[Opening DATA SHOWN section]
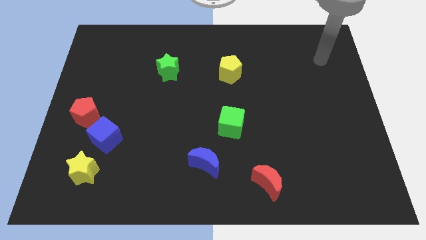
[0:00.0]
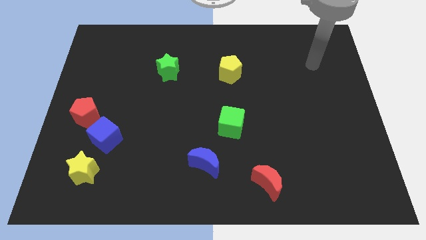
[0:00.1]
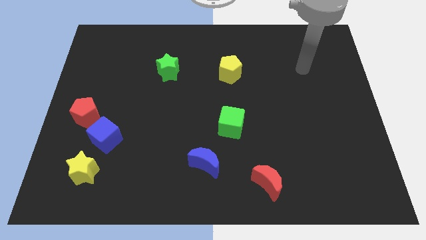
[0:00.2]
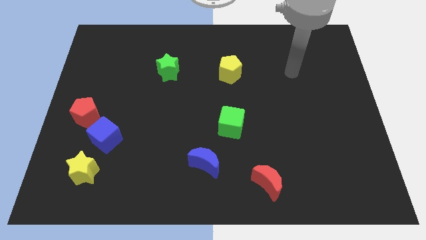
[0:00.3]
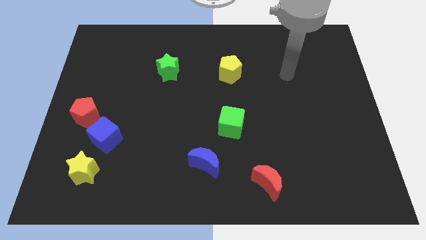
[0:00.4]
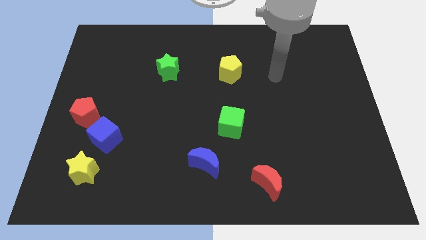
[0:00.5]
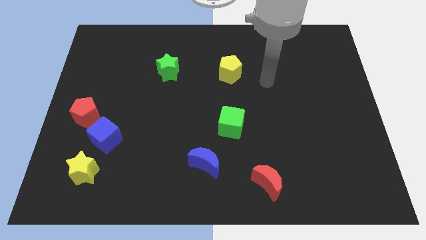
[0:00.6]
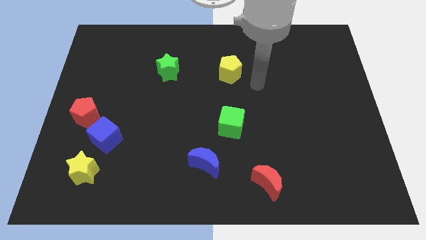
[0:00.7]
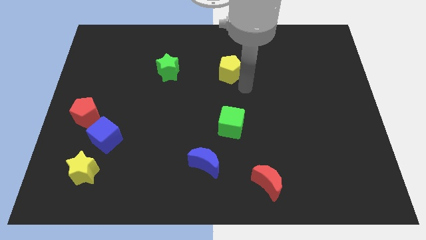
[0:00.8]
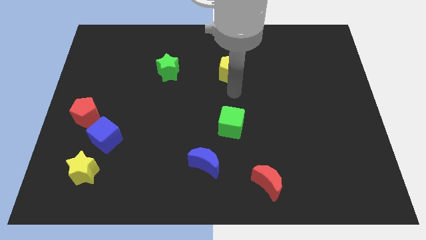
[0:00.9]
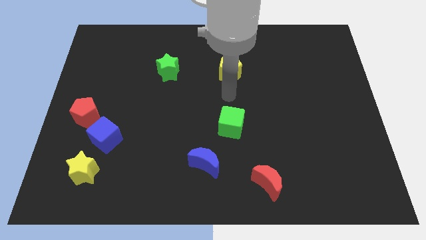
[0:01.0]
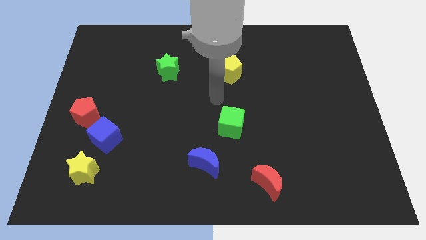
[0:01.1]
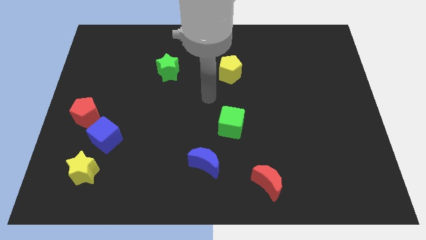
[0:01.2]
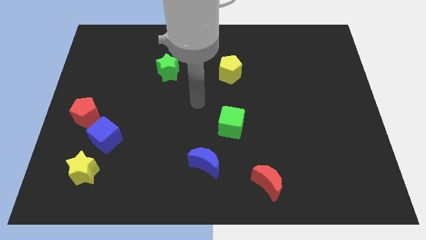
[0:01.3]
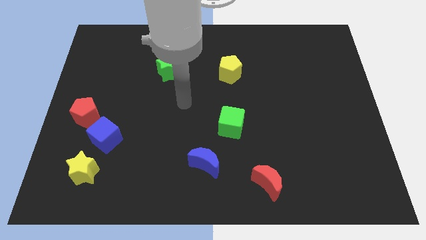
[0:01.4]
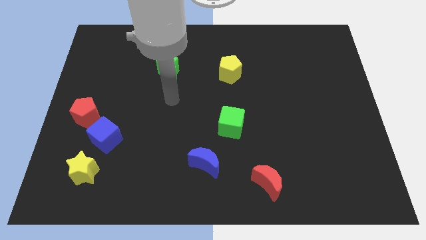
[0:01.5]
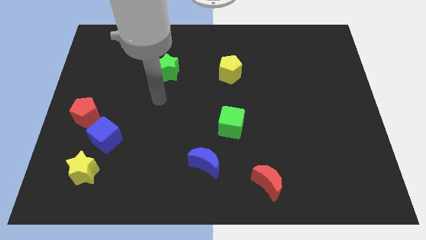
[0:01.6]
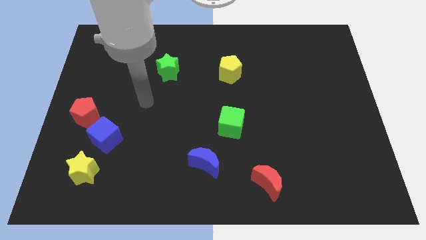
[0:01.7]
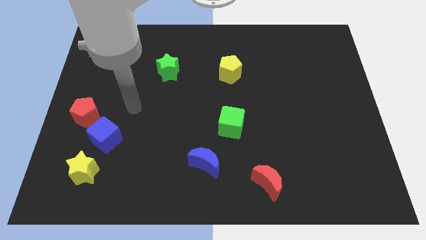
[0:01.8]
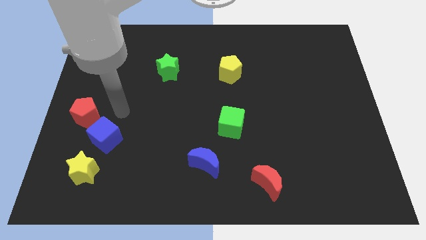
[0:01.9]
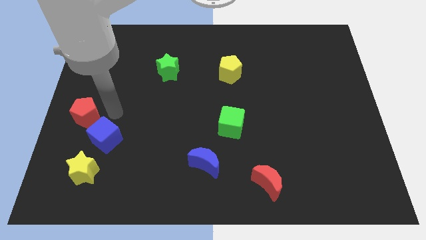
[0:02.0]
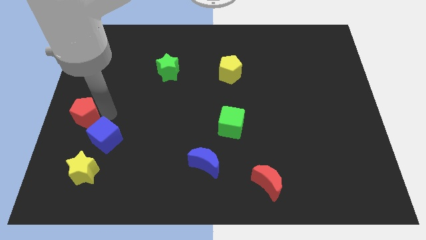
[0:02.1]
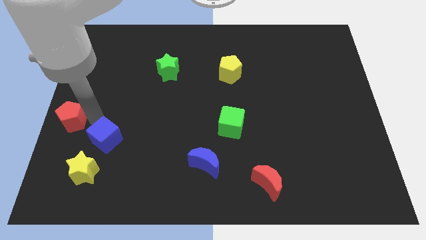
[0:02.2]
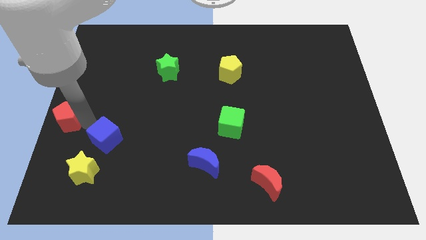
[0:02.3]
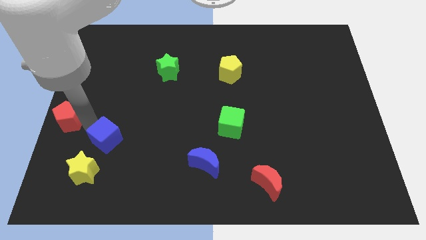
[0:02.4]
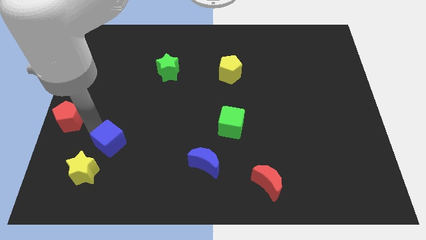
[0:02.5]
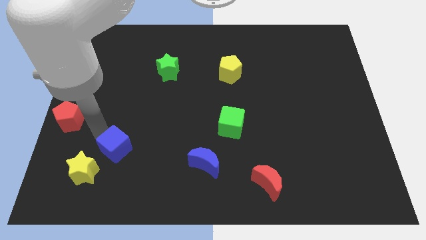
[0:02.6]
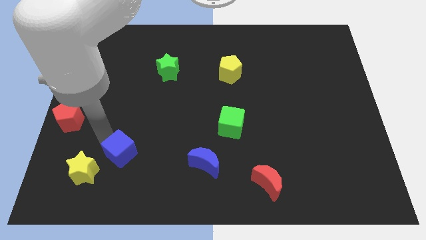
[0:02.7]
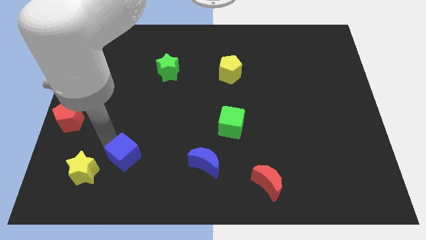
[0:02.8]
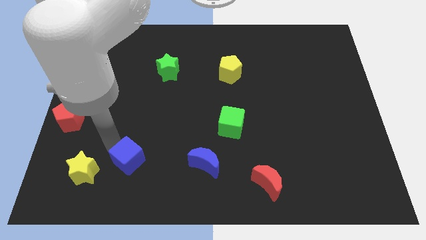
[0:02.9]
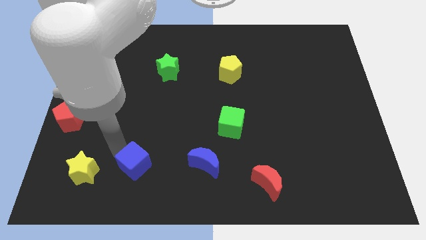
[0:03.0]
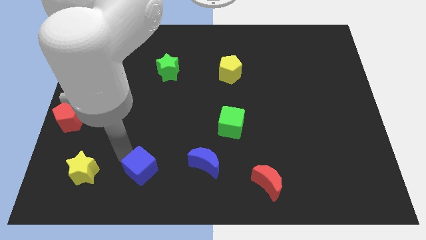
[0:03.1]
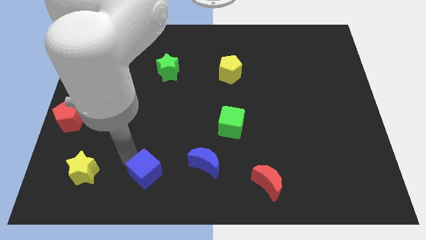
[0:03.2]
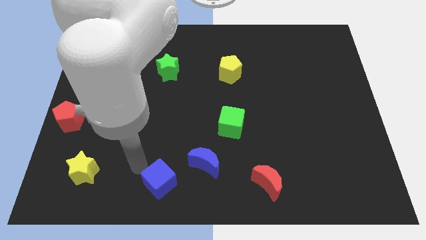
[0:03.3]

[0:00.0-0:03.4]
move the blue cube to the bottom side
[Closing DATA SHOWN section]
PROBLEM TO SOLVE:
Once the pictures are removed, write out all of the entries above exactly.

ANSWER TO THIS TASK:
[0:00.0]
[0:00.1]
[0:00.2]
[0:00.3]
[0:00.4]
[0:00.5]
[0:00.6]
[0:00.7]
[0:00.8]
[0:00.9]
[0:01.0]
[0:01.1]
[0:01.2]
[0:01.3]
[0:01.4]
[0:01.5]
[0:01.6]
[0:01.7]
[0:01.8]
[0:01.9]
[0:02.0]
[0:02.1]
[0:02.2]
[0:02.3]
[0:02.4]
[0:02.5]
[0:02.6]
[0:02.7]
[0:02.8]
[0:02.9]
[0:03.0]
[0:03.1]
[0:03.2]
[0:03.3]

[0:00.0-0:03.4]
move the blue cube to the bottom side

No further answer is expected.